When I first qualified as a nutritional advisor, I was completely gung-ho about food. Armed with shiny new knowledge, I genuinely believed that if I could just teach people what to eat, everything would fall into place.
I wanted to help everyone navigate the confusing maze of advice, trends, and outright nonsense that surrounds nutrition. Eat this. Don’t eat that. Superfoods! Demon foods! Surely clarity was the missing piece.
How wrong I was… and honestly, thank you for the lesson.
Most people already know the basics
Here’s the uncomfortable truth: most people already know what “good” and “bad” food looks like. They know vegetables are helpful, ultra-processed foods less so, and that living on coffee and biscuits probably isn’t a long-term wellness strategy.

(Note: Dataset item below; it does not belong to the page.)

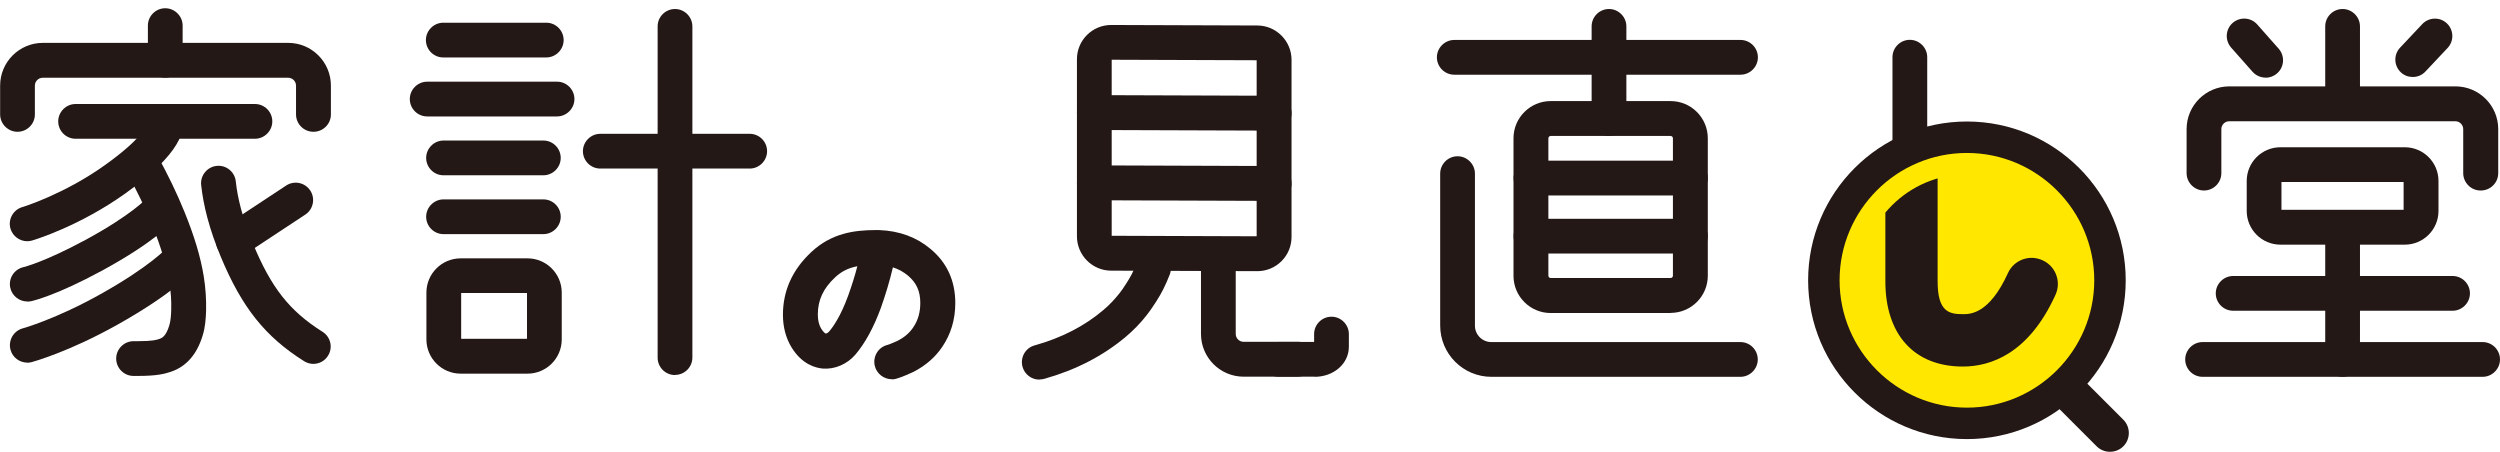 <?xml version="1.0" encoding="UTF-8"?><svg id="b" xmlns="http://www.w3.org/2000/svg" width="197.11" height="35.62" xmlns:xlink="http://www.w3.org/1999/xlink" viewBox="0 0 197.11 35.62"><defs><style>.e{fill:none;}.f{fill:#ffe700;}.g{fill:#231815;}.h{clip-path:url(#d);}</style><clipPath id="d"><circle class="e" cx="155.09" cy="22.11" r="8.37"/></clipPath></defs><g id="c"><g><g><path class="g" d="M70.31,29.9c-.62,0-1.19-.43-1.34-1.06-.17-.74,.28-1.48,1.02-1.65h0s.26-.08,.82-.34c.51-.27,.91-.61,1.2-1.05,.37-.54,.55-1.18,.55-1.91,0-.93-.3-1.59-.96-2.15-.36-.3-.75-.52-1.2-.66-.25,1.06-.57,2.13-.95,3.2-.56,1.53-1.25,2.79-2,3.67-.66,.77-1.63,1.18-2.57,1.11-.57-.05-1.64-.32-2.47-1.67-.45-.74-.68-1.61-.68-2.57,0-1.9,.75-3.56,2.23-4.94,1.61-1.52,3.45-1.73,5.03-1.74h.32c1.6,.06,2.96,.56,4.06,1.49,1.29,1.07,1.95,2.51,1.95,4.26,0,1.3-.35,2.46-1.03,3.46-.55,.82-1.31,1.47-2.23,1.95-.01,0-.03,.01-.04,.02-.85,.4-1.28,.52-1.39,.55-.11,.03-.21,.04-.32,.04Zm-2.71-8.91c-.73,.14-1.27,.42-1.76,.88-.93,.87-1.36,1.79-1.36,2.93,0,.45,.09,.83,.28,1.13,.18,.29,.32,.36,.34,.37,.06,0,.18-.06,.27-.16,.31-.36,.91-1.2,1.5-2.82,.28-.78,.53-1.56,.73-2.34Z"/><g><path class="g" d="M99.13,21.38h0l-11.52-.04c-1.49,0-2.7-1.22-2.7-2.71V4.67c0-.72,.28-1.4,.79-1.91,.51-.51,1.19-.79,1.91-.79h0l11.52,.04c1.49,0,2.7,1.22,2.7,2.71v13.96c0,.72-.28,1.4-.79,1.91-.51,.51-1.19,.79-1.91,.79Zm-11.48-2.79l11.43,.04V4.75l-11.43-.04v13.88Z"/><path class="g" d="M100.46,15.84h0l-14.18-.05c-.76,0-1.37-.62-1.37-1.38,0-.76,.62-1.37,1.37-1.37h0l14.18,.05c.76,0,1.37,.62,1.37,1.38,0,.76-.62,1.37-1.37,1.37Z"/><path class="g" d="M100.46,10.3h0l-14.18-.05c-.76,0-1.37-.62-1.37-1.38,0-.76,.62-1.37,1.37-1.37h0l14.18,.05c.76,0,1.37,.62,1.37,1.38,0,.76-.62,1.37-1.37,1.37Z"/><path class="g" d="M81.94,29.93c-.6,0-1.15-.4-1.32-1.01-.2-.73,.22-1.49,.96-1.69,2.12-.59,3.94-1.53,5.43-2.8,.45-.38,.86-.81,1.24-1.29,.01-.01,.02-.03,.03-.04,.23-.27,.79-1.15,.96-1.5,.16-.32,.3-.63,.42-.93,.27-.71,1.06-1.07,1.77-.8,.71,.27,1.07,1.06,.8,1.77-.15,.4-.33,.79-.52,1.18-.23,.48-.9,1.54-1.31,2.04-.48,.61-1.02,1.17-1.6,1.66-1.79,1.52-3.97,2.65-6.47,3.35-.12,.03-.25,.05-.37,.05Z"/><path class="g" d="M102.37,29.7h-4.31c-1.86,0-3.37-1.51-3.37-3.37v-5.99c0-.76,.62-1.37,1.37-1.37s1.37,.62,1.37,1.37v5.99c0,.34,.28,.62,.62,.62h4.31c.76,0,1.37,.62,1.37,1.37s-.62,1.37-1.37,1.37Z"/><path class="g" d="M103.65,29.7h-2.85c-.76,0-1.37-.62-1.37-1.37s.62-1.37,1.37-1.37h2.81v-.62c0-.76,.62-1.37,1.37-1.37s1.37,.62,1.37,1.37v1c0,1.33-1.19,2.37-2.7,2.37Z"/></g><g><path class="g" d="M43.07,4.53h-8.12c-.76,0-1.37-.62-1.37-1.37s.62-1.37,1.37-1.37h8.12c.76,0,1.37,.62,1.37,1.37s-.62,1.37-1.37,1.37Z"/><path class="g" d="M42.84,13.82h-7.87c-.76,0-1.37-.62-1.37-1.37s.62-1.37,1.37-1.37h7.87c.76,0,1.37,.62,1.37,1.37s-.62,1.37-1.37,1.37Z"/><path class="g" d="M42.84,18.46h-7.87c-.76,0-1.37-.62-1.37-1.37s.62-1.37,1.37-1.37h7.87c.76,0,1.37,.62,1.37,1.37s-.62,1.37-1.37,1.37Z"/><path class="g" d="M43.92,9.18h-10.24c-.76,0-1.37-.62-1.37-1.37s.62-1.37,1.37-1.37h10.24c.76,0,1.37,.62,1.37,1.37s-.62,1.37-1.37,1.37Z"/><path class="g" d="M41.59,29.46h-5.27c-1.49,0-2.7-1.21-2.7-2.7v-3.69c0-1.49,1.21-2.7,2.7-2.7h5.27c1.49,0,2.7,1.21,2.7,2.7v3.69c0,1.49-1.21,2.7-2.7,2.7Zm-5.23-2.75h5.19v-3.61h-5.19v3.61Z"/><path class="g" d="M59.11,13.29h-11.78c-.76,0-1.37-.62-1.37-1.37s.62-1.37,1.37-1.37h11.78c.76,0,1.37,.62,1.37,1.37s-.62,1.37-1.37,1.37Z"/><path class="g" d="M53.22,29.57c-.76,0-1.37-.62-1.37-1.37V2.08c0-.76,.62-1.37,1.37-1.37s1.37,.62,1.37,1.37V28.19c0,.76-.62,1.37-1.37,1.37Z"/></g><g><g><path class="g" d="M193.37,24.5h-17.3c-.76,0-1.37-.62-1.37-1.37s.62-1.37,1.37-1.37h17.3c.76,0,1.37,.62,1.37,1.37s-.62,1.37-1.37,1.37Z"/><path class="g" d="M195.74,29.71h-22.08c-.76,0-1.37-.62-1.37-1.37s.62-1.37,1.37-1.37h22.08c.76,0,1.37,.62,1.37,1.37s-.62,1.37-1.37,1.37Z"/><path class="g" d="M184.7,29.71c-.76,0-1.37-.62-1.37-1.37v-10.29c0-.76,.62-1.37,1.37-1.37s1.37,.62,1.37,1.37v10.29c0,.76-.62,1.37-1.37,1.37Z"/><path class="g" d="M184.7,8.6c-.76,0-1.37-.62-1.37-1.37V2.08c0-.76,.62-1.37,1.37-1.37s1.37,.62,1.37,1.37V7.22c0,.76-.62,1.37-1.37,1.37Z"/><path class="g" d="M195.58,15.02c-.76,0-1.37-.62-1.37-1.37v-3.47c0-.34-.28-.62-.62-.62h-17.83c-.34,0-.62,.28-.62,.62v3.47c0,.76-.62,1.37-1.37,1.37s-1.37-.62-1.37-1.37v-3.47c0-1.86,1.51-3.37,3.37-3.37h17.83c1.86,0,3.37,1.51,3.37,3.37v3.47c0,.76-.62,1.37-1.37,1.37Z"/><path class="g" d="M178.63,6.12c-.38,0-.76-.16-1.03-.46l-1.69-1.91c-.5-.57-.45-1.44,.12-1.94,.57-.5,1.44-.45,1.94,.12l1.69,1.91c.5,.57,.45,1.44-.12,1.94-.26,.23-.59,.35-.91,.35Z"/><path class="g" d="M190.23,6.07c-.34,0-.68-.12-.94-.37-.55-.52-.58-1.39-.06-1.94l1.75-1.86c.52-.55,1.39-.58,1.94-.06,.55,.52,.58,1.39,.06,1.94l-1.75,1.86c-.27,.29-.63,.43-1,.43Z"/></g><path class="g" d="M189.6,19.29h-9.8c-1.47,0-2.66-1.19-2.66-2.66v-2.36c0-1.47,1.19-2.66,2.66-2.66h9.8c1.47,0,2.66,1.19,2.66,2.66v2.36c0,1.47-1.19,2.66-2.66,2.66Zm-9.72-2.75h9.63v-2.19h-9.63v2.19Z"/></g><g><g><path class="g" d="M131.72,24.68h-9.46c-1.62,0-2.93-1.32-2.93-2.93V10.9c0-1.62,1.32-2.93,2.93-2.93h9.46c1.62,0,2.93,1.32,2.93,2.93v10.84c0,1.62-1.32,2.93-2.93,2.93Zm-9.46-13.96c-.1,0-.18,.09-.18,.18v10.84c0,.1,.09,.18,.18,.18h9.46c.1,0,.18-.09,.18-.18V10.9c0-.1-.09-.18-.18-.18h-9.46Z"/><path class="g" d="M133.28,15.41h-12.57c-.76,0-1.37-.62-1.37-1.37s.62-1.37,1.37-1.37h12.57c.76,0,1.37,.62,1.37,1.37s-.62,1.37-1.37,1.37Z"/><path class="g" d="M126.86,10.72c-.76,0-1.37-.62-1.37-1.37V2.08c0-.76,.62-1.37,1.37-1.37s1.37,.62,1.37,1.37v7.26c0,.76-.62,1.37-1.37,1.37Z"/><path class="g" d="M137.23,5.89h-22.57c-.76,0-1.37-.62-1.37-1.37s.62-1.37,1.37-1.37h22.57c.76,0,1.37,.62,1.37,1.37s-.62,1.37-1.37,1.37Z"/><path class="g" d="M137.23,29.71h-19.64c-2.23,0-4.04-1.81-4.04-4.04V13.69c0-.76,.62-1.37,1.37-1.37s1.37,.62,1.37,1.37v11.99c0,.71,.58,1.29,1.29,1.29h19.64c.76,0,1.37,.62,1.37,1.37s-.62,1.37-1.37,1.37Z"/></g><path class="g" d="M133.28,19.99h-12.57c-.76,0-1.37-.62-1.37-1.37s.62-1.37,1.37-1.37h12.57c.76,0,1.37,.62,1.37,1.37s-.62,1.37-1.37,1.37Z"/></g><g><path class="g" d="M20.1,10.94H5.96c-.76,0-1.37-.62-1.37-1.37s.62-1.37,1.37-1.37h14.14c.76,0,1.37,.62,1.37,1.37s-.62,1.37-1.37,1.37Z"/><path class="g" d="M24.71,10.39c-.76,0-1.37-.62-1.37-1.37v-2.27c0-.34-.28-.62-.62-.62H3.37c-.34,0-.62,.28-.62,.62v2.27c0,.76-.62,1.37-1.37,1.37s-1.37-.62-1.37-1.37v-2.27c0-1.86,1.51-3.37,3.37-3.37H22.72c1.86,0,3.37,1.51,3.37,3.37v2.27c0,.76-.62,1.37-1.37,1.37Z"/><path class="g" d="M2.15,28.59c-.6,0-1.16-.4-1.32-1.01-.2-.73,.23-1.49,.96-1.69,.02,0,2.66-.75,6.12-2.69,3.92-2.19,5.23-3.63,5.24-3.65,.5-.56,1.37-.62,1.93-.12,.57,.5,.63,1.35,.14,1.93-.15,.18-1.62,1.81-5.98,4.25-3.78,2.12-6.62,2.91-6.74,2.94-.12,.03-.24,.05-.36,.05Z"/><path class="g" d="M2.15,23.77c-.63,0-1.2-.44-1.34-1.08-.16-.74,.31-1.47,1.05-1.63,0,0,1.63-.39,4.87-2.14,3.66-1.98,4.84-3.28,4.85-3.3,.5-.56,1.36-.63,1.93-.13,.57,.49,.64,1.35,.16,1.92-.14,.17-1.49,1.68-5.63,3.93-3.58,1.94-5.4,2.37-5.6,2.41-.1,.02-.2,.03-.29,.03Z"/><path class="g" d="M2.15,19.02c-.59,0-1.14-.39-1.32-.98-.22-.73,.2-1.49,.92-1.71,.03,0,3.3-1.01,6.52-3.31,2.79-1.99,3.31-3.06,3.4-3.3-.06-.6,.28-1.19,.87-1.42,.71-.27,1.5,.08,1.78,.79,.41,1.07-.02,3.01-4.45,6.17-3.61,2.58-7.18,3.66-7.33,3.7-.13,.04-.26,.06-.39,.06ZM11.76,10.07s0,0,0,0c0,0,0,0,0,0Zm0,0s0,0,0,0c0,0,0,0,0,0Zm0,0h0s0,0,0,0Z"/><path class="g" d="M18.41,20.39c-.45,0-.88-.22-1.15-.62-.42-.63-.24-1.49,.39-1.9l4.91-3.24c.63-.42,1.49-.24,1.9,.39,.42,.63,.24,1.49-.39,1.9l-4.91,3.24c-.23,.15-.5,.23-.76,.23Z"/><path class="g" d="M10.88,29.64h-.35c-.76,0-1.37-.62-1.37-1.37s.62-1.37,1.37-1.37h.35c1.17,0,1.5-.11,1.69-.18,.17-.06,.51-.17,.78-1.07,.11-.37,.14-.82,.15-1.25,.02-.7-.03-1.42-.15-2.14-.22-1.33-.65-2.77-1.35-4.51-.55-1.36-1.21-2.73-2.02-4.19-.37-.66-.12-1.5,.54-1.87,.67-.37,1.5-.12,1.87,.54,.86,1.56,1.57,3.03,2.16,4.49,.79,1.94,1.27,3.56,1.52,5.1,.14,.89,.2,1.78,.18,2.66-.02,.62-.06,1.29-.27,1.97-.45,1.49-1.29,2.45-2.5,2.86-.51,.17-1.11,.33-2.6,.33Z"/><path class="g" d="M24.71,28.69c-.25,0-.5-.07-.73-.21-3.07-1.93-4.91-4.24-6.57-8.23-.44-1.06-.8-2.1-1.06-3.08-.24-.9-.4-1.76-.49-2.58-.08-.75,.47-1.43,1.22-1.51,.76-.08,1.43,.47,1.51,1.22,.07,.67,.21,1.4,.41,2.16,.23,.86,.55,1.78,.94,2.74,1.45,3.5,2.89,5.32,5.49,6.96,.64,.4,.84,1.25,.43,1.89-.26,.42-.71,.64-1.16,.64Z"/><path class="g" d="M13.03,6.12c-.76,0-1.37-.62-1.37-1.37V2.02c0-.76,.62-1.37,1.37-1.37s1.37,.62,1.37,1.37v2.73c0,.76-.62,1.37-1.37,1.37Z"/></g></g><path class="g" d="M153.28,22.4c-2.55,0-4.07-1.67-4.07-4.48V4.51c0-.76,.62-1.37,1.37-1.37s1.37,.62,1.37,1.37v13.41c0,1.6,.6,1.73,1.32,1.73,.38,0,1.39,0,2.37-2.16,.31-.69,1.13-1,1.82-.68,.69,.31,1,1.13,.68,1.82-1.41,3.11-3.43,3.77-4.87,3.77Z"/><g><circle class="f" cx="155.08" cy="22.1" r="11.28"/><g class="h"><path class="g" d="M154.76,28.9c-3.83,0-6.11-2.51-6.11-6.72V2.06c0-1.14,.92-2.06,2.06-2.06s2.06,.92,2.06,2.06V22.18c0,2.4,.9,2.59,1.99,2.59,.57,0,2.08,0,3.55-3.23,.47-1.04,1.69-1.5,2.73-1.02,1.04,.47,1.5,1.69,1.02,2.73-2.12,4.67-5.14,5.65-7.31,5.65Z"/></g><path class="g" d="M166.36,35.62c-.38,0-.76-.14-1.05-.43l-3.48-3.48c-.58-.58-.58-1.52,0-2.1,.58-.58,1.52-.58,2.1,0l3.48,3.48c.58,.58,.58,1.52,0,2.1-.29,.29-.67,.43-1.05,.43Z"/><path class="g" d="M155.08,34.62c-6.9,0-12.52-5.61-12.52-12.52s5.61-12.52,12.52-12.52,12.52,5.61,12.52,12.52-5.61,12.52-12.52,12.52Zm0-22.56c-5.54,0-10.04,4.51-10.04,10.04s4.51,10.04,10.04,10.04,10.04-4.51,10.04-10.04-4.51-10.04-10.04-10.04Z"/></g></g></g></svg>

The problem isn’t a lack of information.
The problem is implementation.
We don’t fail because we don’t know what to do. We fail because life happens. Stress happens. Old habits show up uninvited. Emotions grab the steering wheel. And suddenly the best intentions are no match for a long day, a tired brain, or a loud inner critic.
Knowledge doesn’t change behaviour – thoughts do
This is where cognitive behaviour coaching becomes the missing link.
Our thoughts drive our behaviours. If the internal dialogue says:
- “I’ve already messed up today, so what’s the point?”
- “I’m terrible at sticking to things.”
- “I’ll start again on Monday.”
…then no amount of nutrition knowledge will save the day.
Cognitive behaviour coaching helps people notice these patterns, challenge them, and gently rewrite them. Not with shame. Not with willpower boot camps. But with curiosity, compassion, and practical tools that work in real life.
A humbling lesson from a client
Early on, I worked with a client who seemed like the perfect candidate for success. They were engaged, interested, and absorbed every piece of nutrition advice I gave them.
And yet… nothing changed.
Weeks went by. Then months. The plan was solid. The knowledge was there. But the behaviour stayed stubbornly the same.
At the time, I felt like I had failed them.
Looking back, I realise something far more important: I didn’t yet understand that food was only half the equation. I was trying to solve a behavioural problem with information alone.
What my client actually needed was support around how they thought, not just what they ate. They needed help unpacking beliefs around perfection, fear of failure, emotional eating, and the pressure to “get it right”. Once those pieces were addressed, nutrition finally had somewhere to land.
Lasting change comes from three equally important parts:
- The what you know – understanding your the food
- Changing your thoughts – understanding how your thoughts are sabotaging your wellness goals
- Implimenting new behaviours – nurturing a stronger mindset which aligns with your goals.
Miss either part, and progress becomes fragile.
Compassion over perfection
The goal isn’t to eat perfectly. It’s to build a relationship with food that’s flexible, kind, and sustainable. Cognitive behaviour coaching creates space for mistakes, learning, and growth—without turning every slip up into a personal failure.
When nutrition advice is paired with behavioural coaching, people don’t just know what to do. They actually start doing it.
And that, in my experience, is where real healing begins.